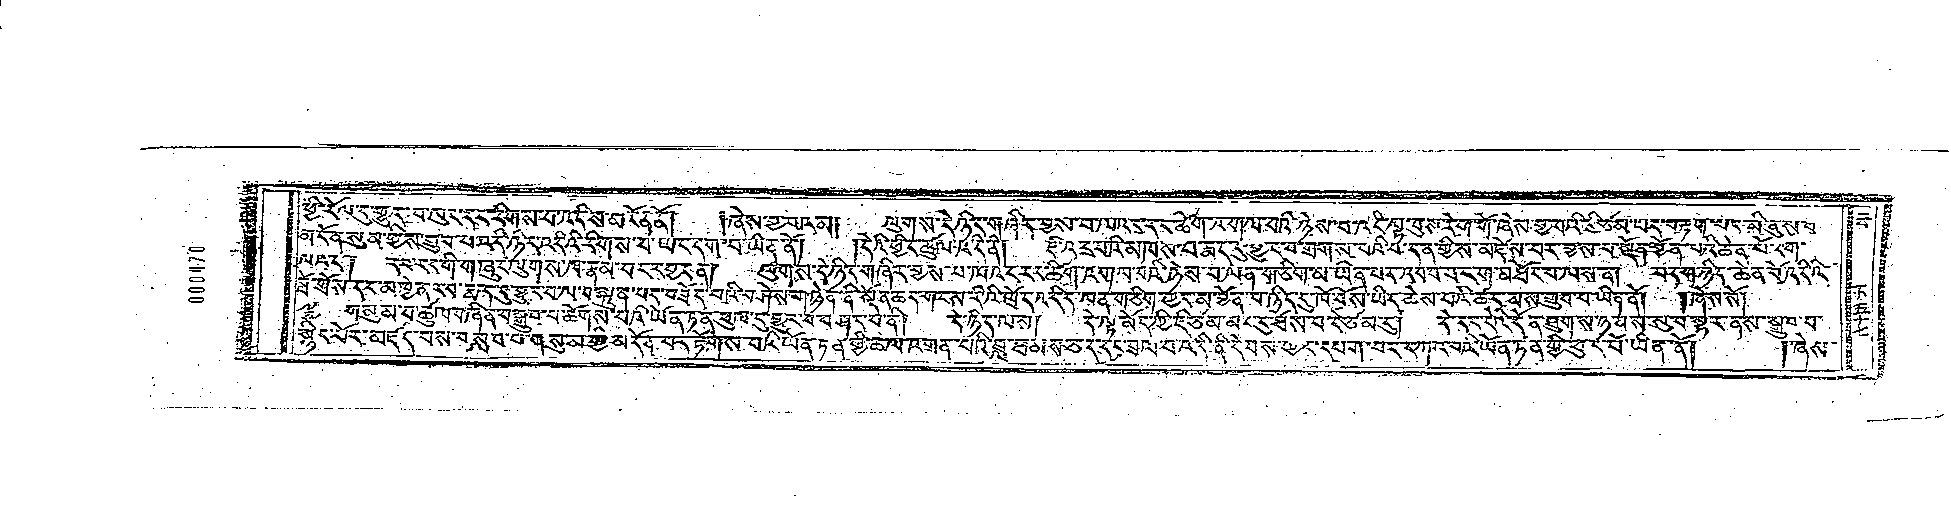ཕྱི་རོལ་དུ་གྱུར་བ་ལུང་དང་རིགས་བ་འདིས་མངོན་ནོ། །ཞེས་བྱ་བའམ། ལུགས་དེ་ཉིད་གཞིར་བྱས་བ་ལའང་རང་ཚིག་འགལ་བའི་ཉེས་བ་འདི་ལྟ་བུས་རེག་གོ་ཞེས་བྱ་བའི་དྲི་ཙམ་ཡང་བརྟག་པར་མི་ནུས་པ་
མངོན་སུམ་གྱིས་གྲུབ་པ་འདི་ཉིད་འདིའི་རིགས་པ་ཡང་དག་པ་ཡིན་ནོ། །དེའི་ཕྱིར་ཚུལ་འདི་ནི། ཇི་འདྲ་པའི་མཁས་པ་རྨད་དུ་བྱུང་བ་གྲགས་པའི་བ་དན་གྱིས་མཛེས་པར་བྱས་པ་སྔོན་བྱོན་པའི་ཆེན་པོ་དག་
ལའང་། རང་རང་གི་གཞུང་ལུགས་ལ་རྣམ་བང་དབྱང་ན། ཁུགས་དེ་ཉིད་གཞིར་བྱས་པ་ལའང་རང་ཚིག་འགལ་བའི་ཉེས་བ་ལན་གཅིག་མ་ཡིན་པར་འབབ་བདག་མཐོང་པ་ལས་ན། བདག་ཉིད་ཆེན་པོ་འདིའི་
བློ་གྲོས་དང་མཁྱེན་རབ་རྨད་དུ་བྱུང་བ་ལ་བསྐྲུན་པར་བཟོད་པའི་བཤེས་གཉེན་ནི་སྔོན་ཆད་གངས་རིའི་ཁྲོད་འདིར་ལན་གཅིག་ཀྱང་མ་བྱོན་པ་ཉིད་དུ་ཁོ་བོས་ཡིད་ཆེས་པའི་ཚད་མས་གྲུབ་པ་ཡིན་ནོ། །ཞེས་སོ།
༈ གསུམ་པ་ཚུལ་བཞིན་བསྒྲུབ་པ་ཆོགས་པའི་ཡོན་ཏན་ཕུལ་དུ་བྱུང་བ་བཤད་པ་ནི། དེ་ཉིད་ལས། དེ་ལྟ་མོད་ཀྱི་ཇི་ཙམ་མང་དུ་ཐོས་པ་དེ་ཙམ་དུ། དེ་དང་དེའི་དོན་ཐུགས་ཉམས་སུ་བསྟར་ནས་སྒྲུབ་པ་
སྙིང་པོར་མཛད་པས་བསླབ་པ་གསུམ་གྱི་མངོན་པར་རྟོགས་བའི་ཡོན་ཏན་གྱི་ཆལ་འགྲན་པའི་བླ་ཐམས་ཅད་དང་བྲལ་བ་འདི་ནི་དེ་བས་ཀྱང་དཔག་བར་དཀའ་བའི་ཡོན་ཏན་གྱི་ཕུང་པོ་ཡིན་ནོ། །ཞེས་
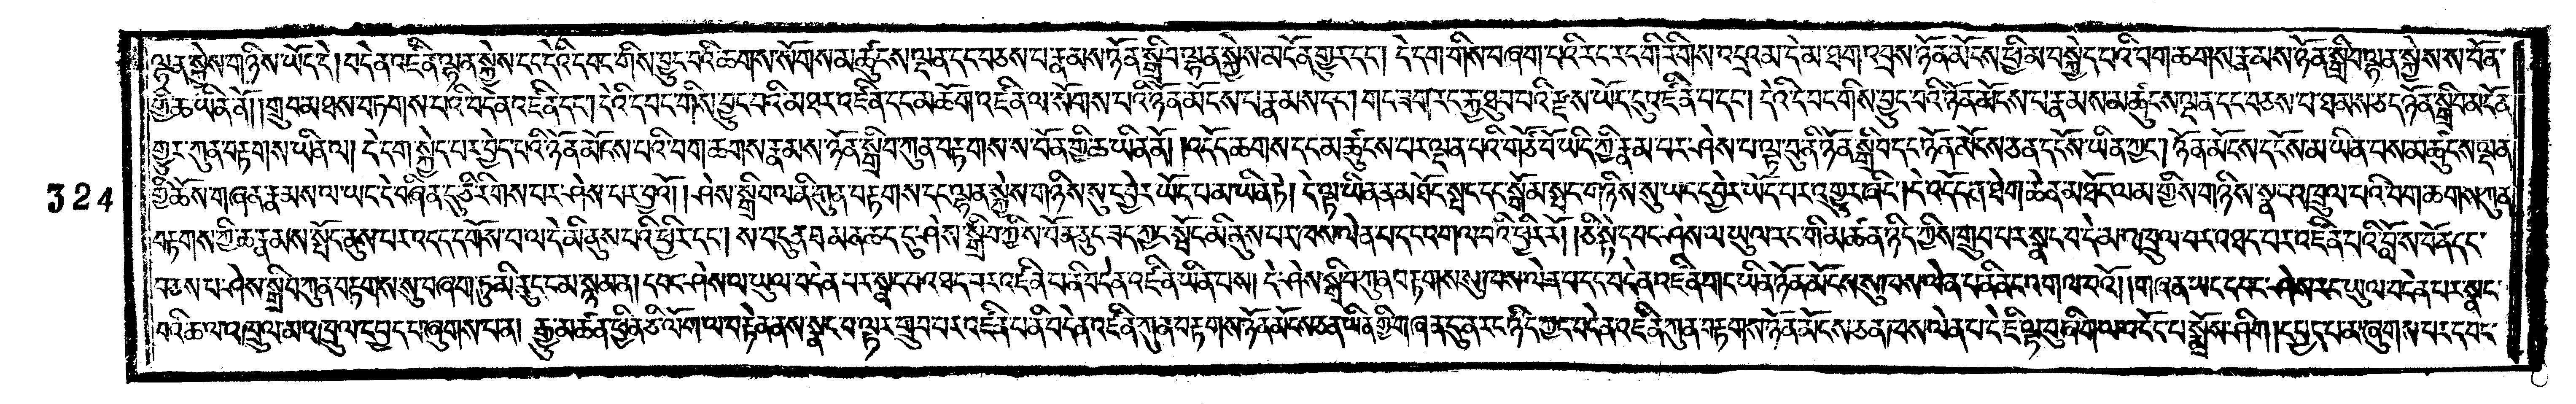ལྷན་སྐྱེས་གཉིས་ཡོད་དེ། བདེན་འཛིན་ལྷན་སྐྱེས་དང་དེའི་དབང་གིས་བྱུང་བའི་ཆགས་སོགས་མཚུངས་ལྡན་དང་བཅས་པ་རྣམས་ཉོན་སྒྲིབ་ལྷན་སྐྱེས་མངོན་གྱུར་དང་། དེ་དག་གིས་བཞག་པའི་རང་རང་གི་རིགས་འདྲའམ་དེ་མ་ཐག་འབྲས་ཉོན་མོངས་ཕྱི་མ་བསྐྱེད་པའི་བག་ཆགས་རྣམས་ཉོན་སྒྲིབ་ལྷན་སྐྱེས་ས་བོན་
གྱི་ཆ་ཡིན་ནོ། །གྲུབ་མཐས་བཏགས་པའི་བདེན་འཛིན་དང་། དེའི་དབང་གིས་བྱུང་བའི་མཐར་འཛིན་དང་མཆོག་འཛིན་ལ་སོགས་པའི་ཉོན་མོངས་པ་རྣམས་དང་། གང་ཟག་རང་རྐྱ་ཐུབ་པའི་རྫས་ཡོད་དུ་འཛིན་པ་དང་། དེའི་དབང་གིས་བྱུང་བའི་ཉོན་མོངས་པ་རྣམས་མཚུངས་ལྡན་དང་བཅས་པ་ཐམས་ཅད་ཉོན་སྒྲིབ་མངོན་
གྱུར་ཀུན་བརྟགས་ཡིན་ལ། དེ་དག་སྐྱེད་པར་བྱེད་པའི་ཉོན་མོངས་པའི་བག་ཆགས་རྣམས་ཉོན་སྒྲིབ་ཀུན་བརྟགས་ས་བོན་གྱི་ཆ་ཡིན་ནོ། །འདོད་ཆགས་དང་མཚུངས་པར་ལྡན་པའི་གཙོ་བོ་ཡིད་ཀྱི་རྣམ་པར་ཤེས་པ་ལྟ་བུ་ནི་ཉོན་སྒྲིབ་དང་ཉོན་མོངས་ཅན་དངོས་ཡིན་ཀྱང་། ཉོན་མོངས་དངོས་མ་ཡིན་བས་མཚུངས་ལྡན་
གྱི་ཆོས་གཞན་རྣམས་ལ་ཡང་དེ་བཞིན་དུ་ཅི་རིགས་བར་ཤེས་པར་བྱའོ། །ཤེས་སྒྲིབ་ལ་ནི་ཀུན་བརྟགས་དང་ལྷན་སྐྱེས་གཉིས་སུ་དབྱེར་ཡོད་པ་མ་ཡིན་ཏེ། དེ་ལྟ་ཡིན་ན་མཐོང་སྤང་དང་སྒོམ་སྤང་གཉིས་སུ་ཡང་དབྱེར་ཡོད་བར་འགྱུར་ཞིང་། དེ་འདོད་ན་ཐེག་ཆེན་མཐོང་ལམ་གྱིས་གཉིས་སྣང་འཁྲུལ་པའི་བག་ཆགས་ཀུན་
བརྟགས་ཀྱི་ཆ་རྣམས་སྤོང་ནུས་པར་འདོད་དགོས་པ་ལ་དེ་མི་ནུས་པའི་ཕྱིར་དང་། ས་བདུན་བ་མན་ཆད་དུ་ཤེས་སྒྲིབ་ཀྱི་ས་བོན་ཅུང་ཟད་ཀྱང་སྤོང་མི་ནུས་པར་ཁས་ལེན་པ་དང་འགལ་བའི་ཕྱིར་རོ། །ཅི་སྟེ་དབང་ཤེས་ལ་ཡུལ་རང་གི་མཚན་ཉིད་ཀྱིས་གྲུབ་པར་སྣང་བ་དེ་མ་འཁྲུལ་བར་འཐད་བར་འཛིན་པའི་བློ་ས་བོན་དང་
བཅས་པ་ཤེས་སྒྲིབ་ཀུན་བརྟགས་སུ་བཞག་ཏུ་མི་རུང་མ་སྙམ་ན། དབང་ཤེས་ལ་ཡུལ་བདེན་པར་སྣང་བ་འཐད་པར་འཛིན་པ་ནི་བདེན་འཛིན་ཡིན་པས། དེ་ཤེས་སྒྲིབ་ཀུན་བརྟགས་སུ་ཁས་ལེན་པ་དང་བདེན་འཛིན་གང་ཡིན་ཉོན་མོངས་སུ་ཁས་ལེན་པ་ནི་ནང་འགལ་བའོ། །གཞན་ཡང་དབང་ཤེས་རང་ཡུལ་བདེན་པར་སྣང་
བའི་ཆ་ལ་འཁྲུལ་མ་འཁྲུལ་དཔྱད་བ་ཞུགས་པ་ན། རྒྱུ་མཚན་ཕྱིན་ཅི་ལོག་ལ་བརྟེན་ནས་སྣང་བ་ལྟར་གྲུབ་པར་འཛིན་པ་ནི་བདེན་འཛིན་ཀུན་བརྟགས་ཉོན་མོངས་ཅན་ཡིན་གྱི་གཞན་དུ་ན་རང་ཉིད་ཀྱང་བདེན་འཛིན་ཀུན་བརྟགས་ཉོན་མོངས་ཅན་ཁས་ལེན་པ་དེ་ཇི་ལྟ་བུ་ཞིག་ལ་འདོད་པ་སྨྲོས་ཤིག། དབྱད་པ་མ་ཞུགས་པར་དབང་
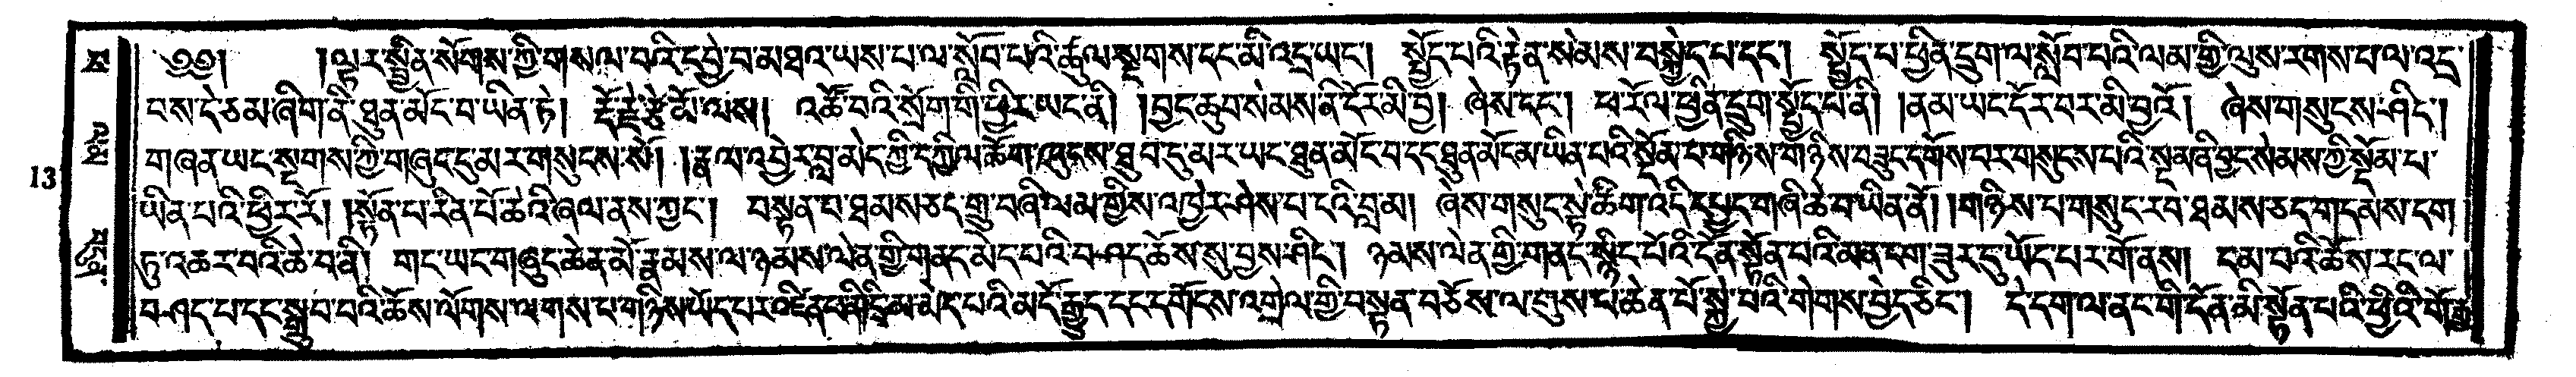༄༅། །ལྟར་སྦྱིན་སོགས་ཀྱི་གསལ་བའི་བྱེ་པ་མཐའ་ཡས་པ་ལ་སློབ་པའི་ཚུལ་སྔགས་དང་མི་འདྲ་ཡང་། སྤྱོད་པའི་རྟེན་སེམས་བསྐྱེད་པ་དང་།སྤྱོད་པ་ཕྱིན་དྲུག་ལ་སློབ་པའི་ལམ་གྱི་ལུས་རགས་པ་ལ་འདྲ་
བས་དེ་ཙམ་ཞིག་ནི་ཐུན་མོང་བ་ཡིན་ཏེ། རྡོ་རྗེ་མོ་ལས། འཚོ་བའི་སྲོག་གི་ཕྱིར་ཡང་ནི། །བྱང་ཆུབ་སེམས་ནི་དྲོ་མི་བྱ། ཞེས་དང་།ཕ་རོལ་ཕྱིན་དྲུག་སྤྱོད་པ་ནི། །ནམ་ཡང་དོར་བར་མི་བྱའོ། ཞེས་གསུང་ཤིང་།
གཞན་ཡང་སྔགས་ཀྱི་གཞུང་དུ་མར་གསུངས་སོ། །རྣལ་འབྱེར་བླ་མེད་ཀྱི་དཀྱིལ་ཚོག་ཁུངས་ཐུབ་དུ་མར་ཡང་ཐུན་མོང་བ་དང་ཐུན་མོང་མ་ཡིན་པའི་སྡོམ་པ་གཉིས་གཉིས་བཟུང་དགོས་པར་གསུང་པའི་སྔ་མ་ནི་བྱང་སེམས་ཀྱི་སྡོམ་པ་
ཡིན་པའི་ཕྱིར་རོ། །སྟོན་པ་རིན་པོ་ཆེའི་ཞལ་ནས་ཀྱང་། བསྟན་པ་ཐམས་ཅད་གྲུ་བཞི་ལམ་གྱིས་འཁྱེར་ཤེས་པ་ངའི་བླ་མ། ཞེས་གསུང་སྟེ་ཚིག་འདི་དཔྱད་གཞི་ཆེ་བ་ཡིན་ནོ། །གཉིས་པ་གསུང་རབ་ཐམས་ཅད་གདམ་ངག་
ཏུ་འཆར་བའི་ཆེ་བ་ནི། གང་ཡང་གཞུང་ཆེན་མོ་རྣམས་ལ་ཉམས་ལེན་གྱི་གནང་མེད་པའི་བཤད་ཆོས་སུ་བྱས་ཤིང་། ཉམས་ལེན་གྱི་གནད་སྙིང་པོའི་དོན་སྟོན་པའི་མན་ངག་ཟུར་དུ་ཡོད་པར་གོ་ནས། དམ་པའི་ཆོས་རང་ལ་
བཤད་པ་དང་སྒྲུབ་པའི་ཆོས་ལོགས་ལགས་པ་གཉིས་ཡོད་པར་འཛིན་པ་ནི། དྲི་མ་མེད་པའི་མདོ་རྒྱུད་དང་དགོངས་འགྲེལ་གྱི་བསྟན་བཅོས་ལ་གུས་ཆེན་པོ་སྐྱེ་བའི་གེགས་བྱེད་ཅིང་། དེ་དག་ལ་ནང་གི་དོན་མི་སྟོན་པའི་ཕྱིའི་གོ་རྒྱ་

━━━

(Prompt):
Set down, word for word, every line from the line that holds "གཞན་ཡང་སྔགས་ཀྱ" to the end of the entries above, including both ends.

(Reply to the task):
གཞན་ཡང་སྔགས་ཀྱི་གཞུང་དུ་མར་གསུངས་སོ། །རྣལ་འབྱེར་བླ་མེད་ཀྱི་དཀྱིལ་ཚོག་ཁུངས་ཐུབ་དུ་མར་ཡང་ཐུན་མོང་བ་དང་ཐུན་མོང་མ་ཡིན་པའི་སྡོམ་པ་གཉིས་གཉིས་བཟུང་དགོས་པར་གསུང་པའི་སྔ་མ་ནི་བྱང་སེམས་ཀྱི་སྡོམ་པ་
ཡིན་པའི་ཕྱིར་རོ། །སྟོན་པ་རིན་པོ་ཆེའི་ཞལ་ནས་ཀྱང་། བསྟན་པ་ཐམས་ཅད་གྲུ་བཞི་ལམ་གྱིས་འཁྱེར་ཤེས་པ་ངའི་བླ་མ། ཞེས་གསུང་སྟེ་ཚིག་འདི་དཔྱད་གཞི་ཆེ་བ་ཡིན་ནོ། །གཉིས་པ་གསུང་རབ་ཐམས་ཅད་གདམ་ངག་
ཏུ་འཆར་བའི་ཆེ་བ་ནི། གང་ཡང་གཞུང་ཆེན་མོ་རྣམས་ལ་ཉམས་ལེན་གྱི་གནང་མེད་པའི་བཤད་ཆོས་སུ་བྱས་ཤིང་། ཉམས་ལེན་གྱི་གནད་སྙིང་པོའི་དོན་སྟོན་པའི་མན་ངག་ཟུར་དུ་ཡོད་པར་གོ་ནས། དམ་པའི་ཆོས་རང་ལ་
བཤད་པ་དང་སྒྲུབ་པའི་ཆོས་ལོགས་ལགས་པ་གཉིས་ཡོད་པར་འཛིན་པ་ནི། དྲི་མ་མེད་པའི་མདོ་རྒྱུད་དང་དགོངས་འགྲེལ་གྱི་བསྟན་བཅོས་ལ་གུས་ཆེན་པོ་སྐྱེ་བའི་གེགས་བྱེད་ཅིང་། དེ་དག་ལ་ནང་གི་དོན་མི་སྟོན་པའི་ཕྱིའི་གོ་རྒྱ་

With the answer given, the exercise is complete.